Gearman Worker Exception Handling in PHP
Gearman is one of my favorite technologies to use. So much in fact that I recently decided to take over the maintenance of pecl/gearman. While asynchronous tasks are a great feature, I find the ability to run multiple tasks in parallel to be much more useful. One of the biggest shortcomings of this approach was that uncaught worker exceptions would be treated as a successful completion of a job. I used to wrap all my workers in a generic try/catch block to prevent this from happening. With the latest commits to pecl/gearman, I can now use the exception callback to properly track the exceptions.

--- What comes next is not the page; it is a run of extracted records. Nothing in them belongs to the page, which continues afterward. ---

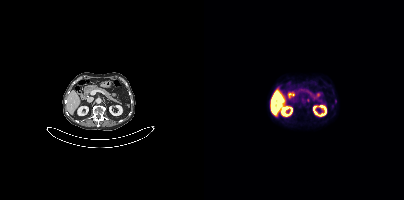
modality: PSMA PET/CT | tracer: 18F | view: axial | PET grid: 200×200
Coordinates are on the 200×200 PET (right) panel. PSMA-avid tumor lesion bounding box (x, y, width, height): x=102 y=98 w=4 h=5.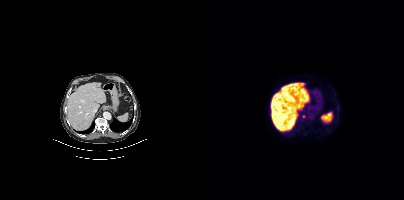
Coordinates are on the 200×200 PET (right) panel. Small PSMA-avid focus (2 to 4 px across) near (center x, center y): (100, 116).
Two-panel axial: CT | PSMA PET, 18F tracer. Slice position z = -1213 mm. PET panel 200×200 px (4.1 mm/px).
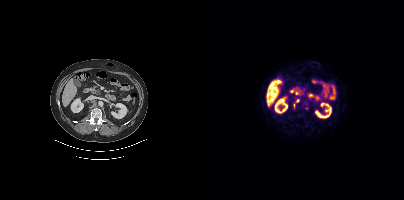
Coordinates are on the 200×200 PET (right) panel. PSMA-avid tumor lesion bounding box (x0, y0)-(x1, y1): (102, 106)-(104, 110). Small PSMA-avid foci (2 to 4 px across) near (center x, center y): (93, 100) | (89, 105).
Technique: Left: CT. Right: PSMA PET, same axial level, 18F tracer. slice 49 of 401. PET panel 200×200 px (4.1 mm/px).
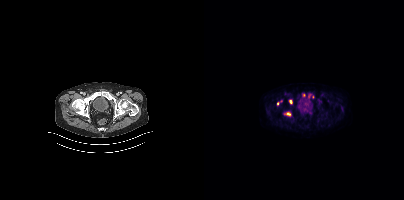
Findings: Coordinates are on the 200×200 PET (right) panel. (showing 5 of 6 foci) PSMA-avid tumor lesion bounding boxes (x, y, width, height): x=83 y=112 w=5 h=5 | x=104 y=94 w=4 h=5. Small PSMA-avid foci (2 to 4 px across) near (center x, center y): (109, 97) | (86, 101) | (73, 103).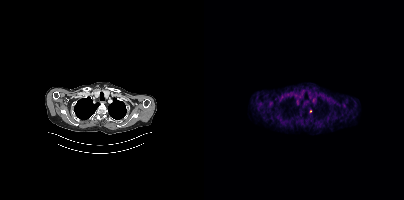
{"modality":"PSMA PET/CT","view":"axial","tracer":"18F-PSMA","pet_grid":[200,200],"coord_frame":"pet_panel","coord_format":"x0,y0,x1,y1","lesion_bboxes":[],"small_foci_centers":[[106,111]]}

Every once in a while one of the workers would throw an exception that would not be caught. One would expect that this would trigger GearmanClient::setExceptionCallback(). Until recently, pecl/gearman was not properly handling exceptions from workers. This might not be so bad if an uncaught exception sent back a status of GEARMAN_WORK_FAIL and triggered the fail callback. The problem was that an uncaught worker exception actually sent back GEARMAN_SUCCESS. This made it appear to the client that the tasks was successfully completed. The workaround at the time was to wrap all workers in a generic try/catch block to prevent any uncaught exceptions. The catch block would then need to explicitly send back a status of GEARMAN_WORK_FAIL. This caused a lot of boilerplate code and each developer had to become intimately aware of how fickle pecl/gearman was with exceptions.

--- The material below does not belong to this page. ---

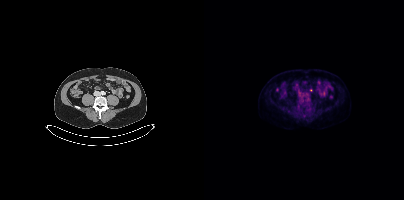
Findings: Only PSMA-avid lesion pieces thinner than 2 px on this slice (not listed).
Technique: Two-panel axial: CT | PSMA PET, 18F tracer. acquired on Siemens Biograph mCT Flow 20.

I decided to fix pecl/gearman to properly trigger the exception callback in the event of an uncaught exception. The worker would still die, but now the client would be properly informed. This has to be done in two parts. I had to first update the pecl extension to detect when an exception occurred. The second part was sending back the proper status to the Gearman daemon so the client could be informed. This was a little more tricky than it first appeared. The Gearman daemon does not automatically handle the exception status. Both the client and the worker have to tell the Gearman daemon that they want to enable exceptions when they connect. Once I figured out how to do this using libgearman I was able to trigger the exception callback.

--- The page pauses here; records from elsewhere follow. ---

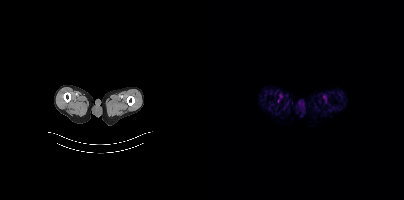
Two-panel axial: CT | PSMA PET, [18F]PSMA-1007 tracer. Slice position z = -1090 mm. No tumor lesions annotated on this slice.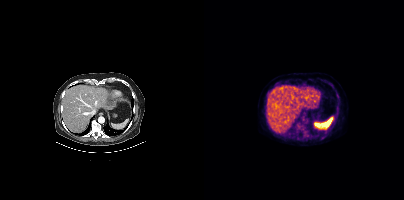
{"modality":"PSMA PET/CT","view":"axial","tracer":"18F","pet_grid":[200,200],"coord_frame":"pet_panel","coord_format":"x0,y0,x1,y1","lesion_bboxes":[],"small_foci_centers":[[98,128]]}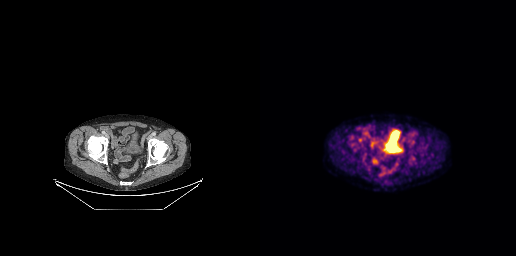
Technique: Left: CT. Right: PSMA PET, same axial level, [18F]PSMA-1007 tracer.
Findings: Coordinates are on the 256×256 PET (right) panel. (showing 2 of 3 foci) Small PSMA-avid foci (2 to 4 px across) near (center x, center y): (105, 133) / (100, 140).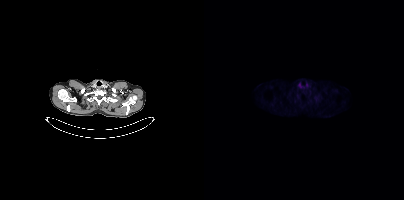
No tumor lesions annotated on this slice.

This exposed another issue with the way libgearman works. Because the exception handling is optional, the worker will send back a status of GEARMAN_WORK_FAIL even a status of GEARMAN_WORK_EXCEPTION was already sent. This means that the fail callback can be triggered after the exception callback. You can have the exception callback return a status of GEARMAN_WORK_EXCEPTION, but that will cause the entire batch process to stop. I am working with Brian Aker, who maintains libgearman, to see if something can be changed. Until then, I am required to keep track of tasks that threw an exception and check that list in the fail callback.